There has been quite a bit of talk over the last few weeks regarding the ITF and the issues of the Pro Circuit. From Tomás Buchhass’s letter to the ITF’s initial response, then to their talk of a plan for the Futures, there has been a lot happening.

The ITF has finalised their study of the results of the last months’ surveys and has started to contact the players via email in order to let them know in what consists the plan for the Pro Circuit and the outlines of the proposals that will be submitted to the ITF Board in March.

In the days following the ATP World Tour’s prize money increase, it is fantastic news to see that the ITF is finally able to follow suite.

BATennis World has received copy of the email that is being sent to the players, in its original English:

Dear [Player]:

As you may know, the ITF has been undertaking a full review of the Pro Circuit structure to fully understand the current situation below Tour level and how best to: improve entry onto the performance pathway, increase prize money, raise event standards and ensure developing nations have the best opportunity to produce world class players.

That project has included a full data review and a player survey which over 8,000 players, coaches, National Associations and tournament organisers responded to.

Both have now been completed and copies are available to download from the ITF Pro Circuit website.

Non-player survey results

Player survey results

Presentation (Data Analysis)

This invaluable project has established a number of key understandings that are helping us to make effective and necessary changes to the ITF Pro Circuit.

It is clear that while prize money levels need to rise, particularly for lower ranked players, the numbers of those competing on the Pro Circuit are unsustainably high. In 2013 there were almost 14,000 male and female players competing, of whom over 6,000 failed to earn any prize money.

The average cost, not including coaching, of competing last year was $38,800 for male players and $40,180 for female players. The distribution and levels of prize money in the professional game meant that the break even point on the combined singles and doubles earnings list (i.e. the point where average costs met actual earnings) was 336 for men and 253 for women in 2013.

The ITF believes that changes are needed to address this issue of affordability for those competing below the top 100, whilst ensuring that we do not limit the ability of all nations, especially those developing tennis nations, to offer domestic tennis opportunities for players to transition to professional tennis.

At the next ITF Board meeting in March, we will be putting forward, for approval, a series of proposed measures that we believe will help address these issues.

These proposed measures will include:


  • Men’s Pro Circuit: Initial two levels rise to 15K+H* and 25K +H*.
  • Women’s Pro Circuit: Levels rise to $15k+H*, $25k+H*, $60k/$60k+H, $90k/$90k+H and $125k/$125k+H.
    *Hospitality to take the form of a per diem for all players, capped at a maximum cost to the organiser of $10,000.
  • TF and Grand Slam Development funds to be used to support increases in key developing nations


To ensure that the prize money increases are as effective as possible in benefiting the right players within the right ranking bands, each new prize money category will:

  • Have a set number of job opportunities each week
  • Be geographically spread
  • Benefit from clear play down rules


At the same time as finalising increases to prize money, the ITF sees merit in the introduction of a new entry level to the professional player pathway and is actively assessing the concept with both Tours. This level of new tournaments, offering qualifying or merit points to players to enable them to progress on to Pro Circuits, would look to:

  1. Ensure adequate levels of opportunity for emerging players, especially those transitioning from junior tennis
  2. Support domestic tennis opportunities in developing nations who may be priced out of hosting events by the proposed prize money increases
  3. Ensure that the gap from juniors to pros remains realistic and bridgeable for those players with high potential
  4. Set out a progressive pathway for players aspiring to a career as professional players

The proposed changes outlined would represent the largest investment into the entry levels of professional tennis in the Open era and would potentially allow another 150-200 players to break even and hundreds more reduce their costs and increase earnings. It is intended that changes to the structure will be monitored and reviewed on a regular basis to ensure the models continue to deliver against our objectives.

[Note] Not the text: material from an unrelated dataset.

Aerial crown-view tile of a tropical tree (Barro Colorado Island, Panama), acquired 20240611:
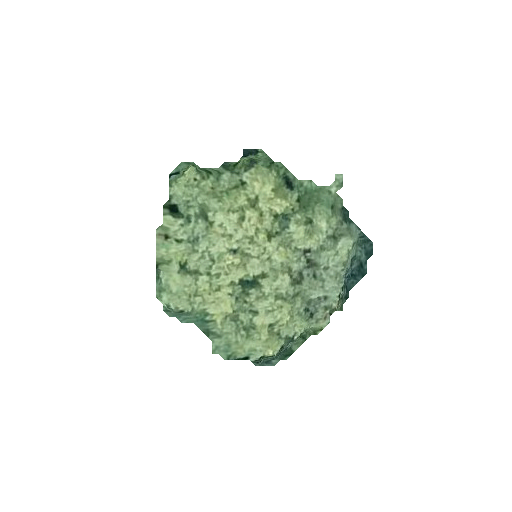
Species: Apeiba tibourbou
GBIF accepted scientific name: Apeiba tibourbou
Crown area: 51.41 m²

The proposals have been created in conjunction with both Tours and national associations and the final details will be discussed further in January 2015 before being put to the ITF Board for final approval.

We will keep you updated on progress, but in the meantime if you have any questions or observations we would ask you to share them with us via the ITF Pro Circuit team.

This is, definitely, tremendous news for the ITF Pro Circuit players, and we can only hope that the Board will pronounce itself in favour of those proposals.




  1. This is a nothing proposal. 14,000 players and the new proposed prize money increases are going to help 200 or 1.5% break even. That’s the best proposal ITF could come up with. So encouraging for up and coming players. Commit thousands of dollars and hours in training for a 1.5% chance to break even. The ITF governing board needs to wake up and take notes from all of the other major sports. It’s no wonder tennis is about as popular as swimming. A 15 year-od skateboarder can earn more than an aspiring tennis professional.